> RECORDS PROVIDED
· · · ·
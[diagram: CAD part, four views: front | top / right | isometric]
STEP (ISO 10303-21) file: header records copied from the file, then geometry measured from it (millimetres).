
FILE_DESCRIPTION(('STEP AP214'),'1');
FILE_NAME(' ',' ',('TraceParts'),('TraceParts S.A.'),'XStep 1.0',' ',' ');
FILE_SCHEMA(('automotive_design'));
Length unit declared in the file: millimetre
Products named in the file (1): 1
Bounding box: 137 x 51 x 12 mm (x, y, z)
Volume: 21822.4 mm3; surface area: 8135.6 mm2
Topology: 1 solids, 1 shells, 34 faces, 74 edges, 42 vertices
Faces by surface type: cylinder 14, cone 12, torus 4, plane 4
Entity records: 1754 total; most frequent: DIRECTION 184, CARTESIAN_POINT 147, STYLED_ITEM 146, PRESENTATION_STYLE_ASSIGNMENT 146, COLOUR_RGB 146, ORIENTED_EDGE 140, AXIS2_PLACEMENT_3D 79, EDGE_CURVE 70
· · · ·
Word for word, repeat every entry listed above.

[diagram: CAD part, four views: front | top / right | isometric]
STEP (ISO 10303-21) file: header records copied from the file, then geometry measured from it (millimetres).
FILE_DESCRIPTION(('STEP AP214'),'1');
FILE_NAME(' ',' ',('TraceParts'),('TraceParts S.A.'),'XStep 1.0',' ',' ');
FILE_SCHEMA(('automotive_design'));
Length unit declared in the file: millimetre
Products named in the file (1): 1
Bounding box: 137 x 51 x 12 mm (x, y, z)
Volume: 21822.4 mm3; surface area: 8135.6 mm2
Topology: 1 solids, 1 shells, 34 faces, 74 edges, 42 vertices
Faces by surface type: cylinder 14, cone 12, torus 4, plane 4
Entity records: 1754 total; most frequent: DIRECTION 184, CARTESIAN_POINT 147, STYLED_ITEM 146, PRESENTATION_STYLE_ASSIGNMENT 146, COLOUR_RGB 146, ORIENTED_EDGE 140, AXIS2_PLACEMENT_3D 79, EDGE_CURVE 70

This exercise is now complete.